My favorite Jill Scott song is “He Loves Me,” from her first album, Who Is Jill Scott? Words and Sounds Vol. 1. Jill illustrates a love felt “in every way imaginable,” from her hair follicle to her toenails. She starts in a coo, transitions into spoken word, and ends in what sounds like a full-on tribal cry. At times when performing it live she renders it like an opera, in Spanish or both.
The full title of the song is actually, “He Loves Me (Lyzel In E Flat).” Lyzel Williams was Scott’s first husband, from 2001 to 2007. Her Saturday wedding to Mike Dobson is her second.
This is to say that Jill Scott has sung about receiving love from a man, and enjoying it, totally. She has sung about parting ways with men, too. She has sung about sex, and enjoying that totally. And she has sung about loving herself. At no time do I ever get the sense that one state of being is better than another. Marriage was never presented by her as a destination or a prize. It is, rather, one phase in the unfolding of life — something to enjoy in the present and learn from if it becomes the past.
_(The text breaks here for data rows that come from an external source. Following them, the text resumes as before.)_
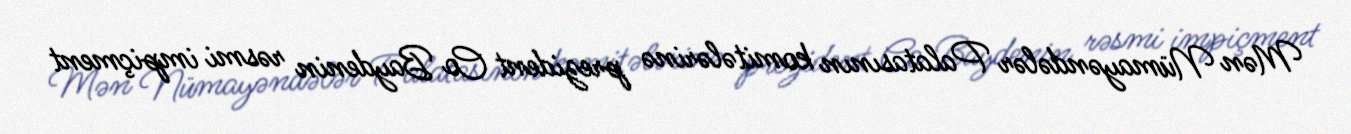
Mən Nümayəndələr Palatasının komitələrinə prezident Co Baydenin rəsmi impiçment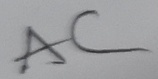
Text: AC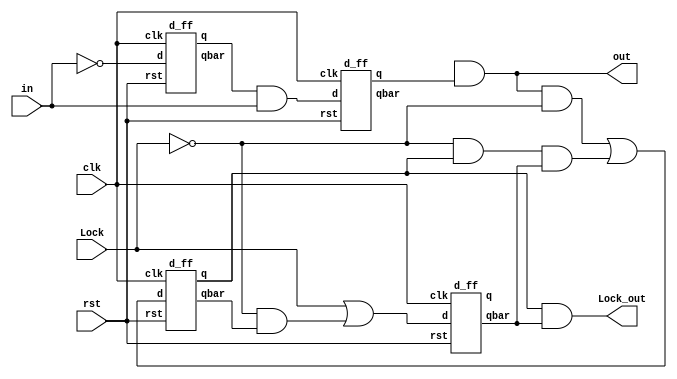
//----------PSTER UNLOCK 110
module lOCK(in,clk,out,rst,Lock,Lock_out);//Lock_out:- desision oputput wheather to lock or not
    input in,clk,rst,Lock;
    output out,Lock_out;
      wire w1,w2;
      wire IIN,l0,l1,l2,l3,l4,l5,l6,l7,l8,l9;
      not n1(w1,in);
      d_ff f1(w2,w5,w1,rst,clk);
      and a1(w3,w2,in);
      d_ff f2(w4,w6,w3,rst,clk);
      and(out,x,w4);
      buf b1(IIN,out);  
//    d_ff(q,qbar,d,rst,clk);   
      d_ff D0(l4,l5,l3,rst,clk);
      d_ff D1(l8,l7,l6,rst,clk);
      not Dn0(l0,Lock);
      and DA0(l1,IIN,l0);
      and DA1(l2,l0,l4,l7);
      or DO0(l3,l1,l2);
      and DA3(l9,l0,l5);
      or DO1(l6,Lock,l9);
  and DA4(Lock_out,l4,l7);
    endmodule
    /*
    module counter(clk,rst,d_out) ;
        input clk,rst;
        output reg[1:0] d_out;
          wire w1;
        reg sig =1;
        t_ff t1(d_out[0],w1,sig,rst,clk);
        t_ff t2(d_out[1],qbar,sig,rst,w1);
      endmodule
    */
      module t_ff(q,qbar,t,rst,clk);
         input t,clk,rst;
          output q, qbar;
        wire w1;
        xor(w1,t,q);
        d_ff DD(q,qbar,w1,rst,clk);
      endmodule
    
      module d_ff(q,qbar,d,rst,clk);
          input d,clk,rst;
          output q, qbar;
          wire w1,w2;
        nd_ff_latch m1	(w1,w2,rst,d,clk);
        d_ff_latch m2  (q,qbar,rst,w1,clk);
    
          endmodule
      module d_ff_latch(q,qbar,rst,d,clk);
          input d,clk,rst;
          output q, qbar;
          wire dbar; //output of not1
          wire nand1_out; // output of nand1
          wire nand2_out; // output of nand2
        wire rstn;
        not(rstn,rst);
          not ( dbar,d); 
          nand (nand1_out,rstn,clk,d);
          nand (nand2_out,rstn,clk,dbar);
            nand (q,qbar,rstn,nand1_out);
            nand (qbar,rstn,q,nand2_out);
          endmodule
    
      module nd_ff_latch(q,qbar,rst,d,nclk);
          input d,nclk,rst;
          output q, qbar;
            wire rstn;
          not(rstn,rst);
          wire dbar; //output of not1
          wire nand1_out; // output of nand1
          wire nand2_out; // output of nand2
          wire clk;
          not (clk,nclk);
          not ( dbar,d); 
          nand (nand1_out,rstn,clk,d);
          nand (nand2_out,rstn,clk,dbar);
            nand (q,qbar,rstn,nand1_out);
            nand (qbar,rstn,q,nand2_out);
          endmodule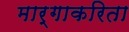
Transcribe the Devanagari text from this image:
मार्गाकरिता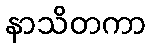
နာသိတကာ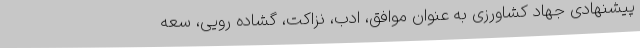
پیشنهادی جهاد کشاورزی به عنوان موافق، ادب، نزاکت، گشاده رویی، سعه

Be honest: You’ve heard people say, “I liked sad Mary better.” The common sentiment is that Mary J. Blige’s music was better before she became happily married. I resent that, but maybe her pain was more raw than her love, and the art that resonated sprang from that place. Jill, by comparison, has always struck me as complete in her personhood. Her joy emotes just as vividly as her hurt. “It’s just me / one is the magic number,” she sang back in 2000. I bought that just like I dug it when she sang, “You’re here, I’m pleased / I really dig your company” to a dude she just wanted to take a long walk around the park with.
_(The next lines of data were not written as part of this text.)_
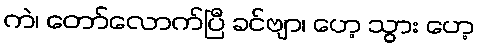
ကဲ၊ တော်လောက်ပြီ ခင်ဗျာ၊ ဟေ့ သွား ဟေ့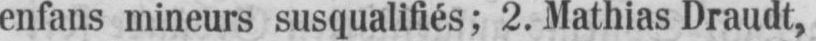
enfans mineurs susqualifiés; 2. Mathias Draudt,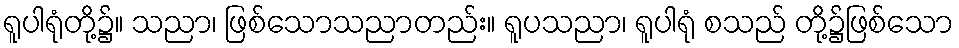
ရူပါရုံတို့၌။ သညာ၊ ဖြစ်သောသညာတည်း။ ရူပသညာ၊ ရူပါရုံ စသည် တို့၌ဖြစ်သော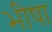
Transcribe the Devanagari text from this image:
भीषा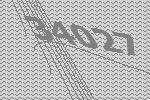
34027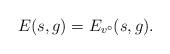
LaTeX: \begin{align*}E(s,g) = E_{v^{\circ}}(s,g). \end{align*}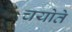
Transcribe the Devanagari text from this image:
चयोते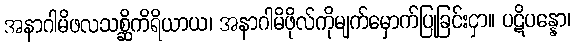
အနာဂါမိဖလသစ္ဆိကိရိယာယ၊ အနာဂါမိဖိုလ်ကိုမျက်မှောက်ပြုခြင်းငှာ။ ပဋိပန္နော၊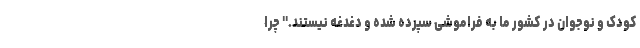
کودک و نوجوان در کشور ما به فراموشی سپرده شده و دغدغه نیستند." چرا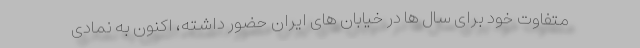
متفاوت خود برای سال ها در خیابان های ایران حضور داشته، اکنون به نمادی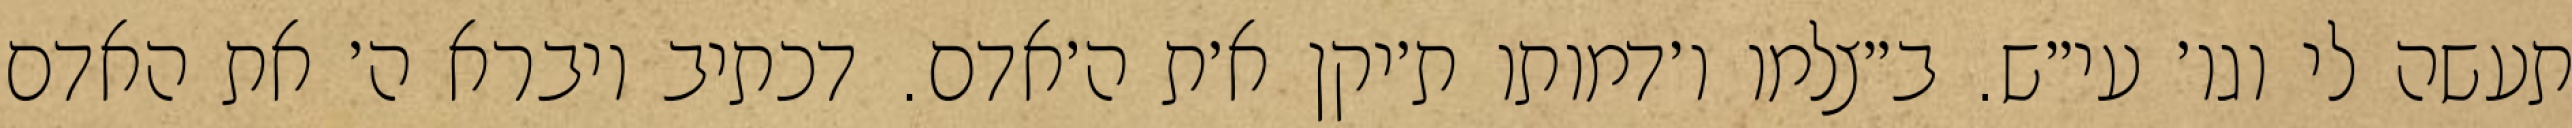
תעשה לי וגו׳ עי״ש. ב״צלמו ו׳דמותו ת׳יקן א׳ת ה׳אדם. דכתיב ויברא ה׳ את האדם

People are allowed to change and grow, and Jill has done me the service of bringing me along on her journey. Around 2008, she announced that she was engaged to her drummer. The relationship ended shortly after their son was born in 2009. I think we all know not to mix love and work, but Jill did it anyway. She followed her heart, sh-t got messy, and she kept her head high when she realized she’d have to be a single mom. Jill never sold me an infallible brand; she told me she was “beautifully human,” like me and you.
In this regard, Scott is different from female artists who commodify their lives, even down to their marriages. There are no writing camps crafting her songs by committee, as in the case of a Beyoncé or a Rihanna. When she wants to release an album, she does not lead it with a stint on a reality show like K. Michelle. Jill has no gimmicks; she simply articulates the complexities of the heart. And this is not shade; it’s just why it’s easy for me to look at Jill as an honest homegirl, as a godmother, as a griot. Jilly from Philly is Crown Royal on ice in an empty, vodka-soda world. On “(So Gone) What My Mind Says,” she tells us, “You’re gonna hear the pages turn.” This was our signal that she was singing words that she wrote from an experience that she lived through. It was our cue to pay attention.
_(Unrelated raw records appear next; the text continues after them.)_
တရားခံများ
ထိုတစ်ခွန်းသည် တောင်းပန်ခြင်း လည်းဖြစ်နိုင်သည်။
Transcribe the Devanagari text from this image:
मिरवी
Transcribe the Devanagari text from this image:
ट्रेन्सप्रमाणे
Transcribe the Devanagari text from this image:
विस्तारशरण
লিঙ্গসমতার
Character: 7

In college, I “talked to” a guy who was sweet, but never saw a mirror he couldn’t lose himself in. When we spoke, he’d answer my questions but would never bother to ask what I thought. I understood when Jill sang, “I’m lonely whenever you’re around.”
When I fell for a man who treated me terribly in every aspect of our relationship but one, I understood when Jill sang, “Why does my body ignore what my mind says? / I try to keep it intact, but I’m here in this bed.”
And now, when I hear “He Loves Me (Lyzel in E Flat),” I’m sure she’s singing about a love I’ll understand one day, too. After all, she committed herself to it again.
And so, am I happy for Jill and her new marriage? Absolutely! But not in the way most women are when a friend gets married. It’s not like, She made it! Or like someone saved her from singledom. It’s more like, she’s starting a new chapter. I can hear the pages turn. And hopefully, as she grows through this new phase, she’ll keep sharing those lessons with me, too.